Toujours comme en Égypte, l’économie est essentiellement aux mains des militaires. Sur le plan de la justice, l’ancien président Omar el-Béchir vient d’être inculpé par la Cour pénale internationale en raison des crimes commis durant la guerre du Darfour. Et les civils du gouvernement ont donné leur accord pour le livrer au tribunal international. Plusieurs militaires, qui ont également participé à ces massacres, ont donc perçu cette décision comme une insulte, et surtout une menace…

Le Soudan, enjeu géostratégique

Au-delà de l’effondrement d’une démocratie fragile, les raisons et les conséquences de ce coup d’État sont d’une importance capitale pour toute la région.

Bien évidemment, la plupart des chancelleries européennes ont appelé explicitement à un retour d’un gouvernement civil à Khartoum. Mais ces appels risquent fort de rester lettre morte. Cela fait bien longtemps que l’avis des Européens ne vaut plus grand chose dans la région. Quant à l’administration Biden, comme depuis dix mois et dans tous les dossiers de la zone, elle se révèle totalement dépassée par les évènements.

Si les « idéalistes » Occidentaux semblent toujours ne pas avoir appris des leçons des « printemps arabes » (victoires électorales islamistes, chaos) et de leurs tragiques conséquences sur leurs propres sols (crises migratoires, terrorisme…), d'autres États beaucoup plus pragmatiques, préfèrent demeurer prudents. Ils perçoivent même, - certes discrètement – ce « printemps des militaires » (que j’annonçais dès février 2018), et en l’occurrence ici un pouvoir militaire au Soudan, comme un gage de stabilité pour leurs propres intérêts.

C’est le cas de la Russie et d’Israël. Le Soudan a accepté, en octobre 2020, un accord conclu sous l’égide et les pressions de Donald Trump pour normaliser ses relations avec l’État hébreu (dans le cadre des accords d’Abraham, signés également avec les Émirats arabes unis, Bahreïn et le Maroc). Or, cet accord devait être approuvé par le Parlement soudanais…
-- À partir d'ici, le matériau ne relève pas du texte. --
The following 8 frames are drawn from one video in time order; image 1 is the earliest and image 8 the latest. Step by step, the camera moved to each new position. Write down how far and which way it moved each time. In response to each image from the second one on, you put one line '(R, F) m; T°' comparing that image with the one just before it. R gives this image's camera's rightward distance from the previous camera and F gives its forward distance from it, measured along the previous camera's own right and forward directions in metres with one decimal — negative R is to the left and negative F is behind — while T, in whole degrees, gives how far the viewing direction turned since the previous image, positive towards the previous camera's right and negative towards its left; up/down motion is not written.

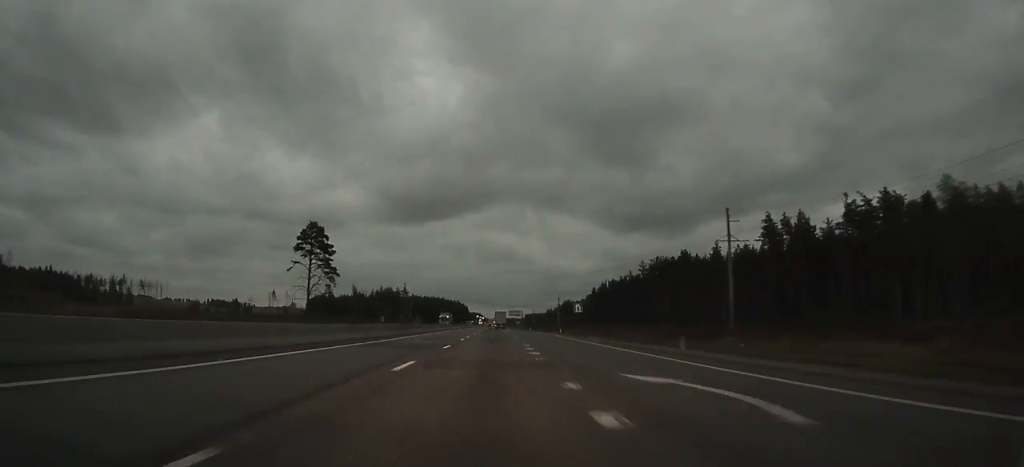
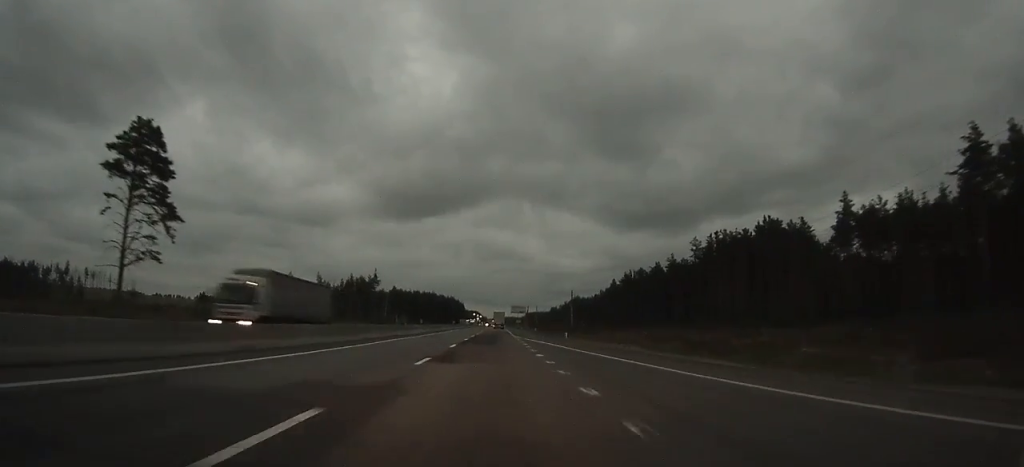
(-0.1, +65.1) m; 0°
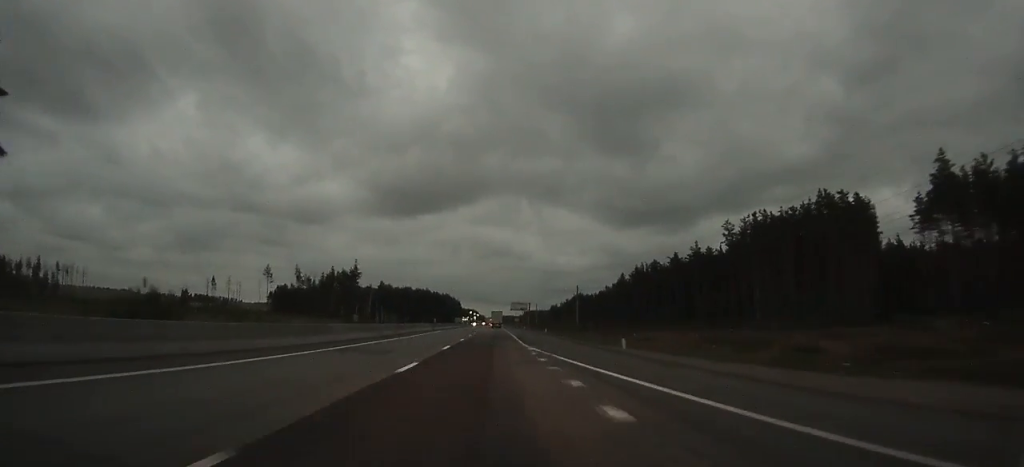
(0.0, +26.9) m; 0°
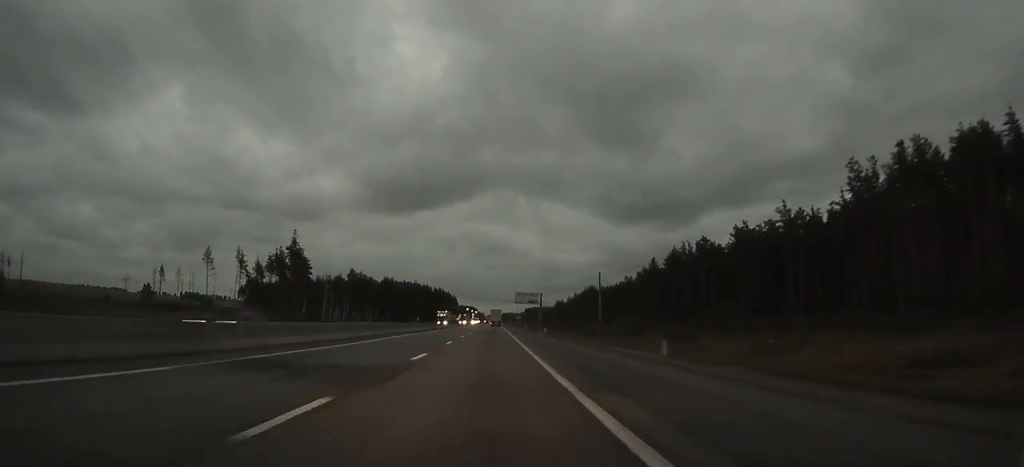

Al-Burhan avait rencontré Benyamin Netanyahou en février 2020. Le général soudanais était alors le principal porteur de ce rapprochement, très loin de faire l’unanimité dans le gouvernement et la société soudanaise. Et au-delà des bénéfices stratégiques, technologiques, commerciaux et économiques d’un rapprochement avec Israël, al-Burhan avait en contrepartie habilement négocié la rupture de l’isolement de son pays avec Trump, qui l’avait donc retiré de la liste noire américaine des « pays soutenant le terrorisme ».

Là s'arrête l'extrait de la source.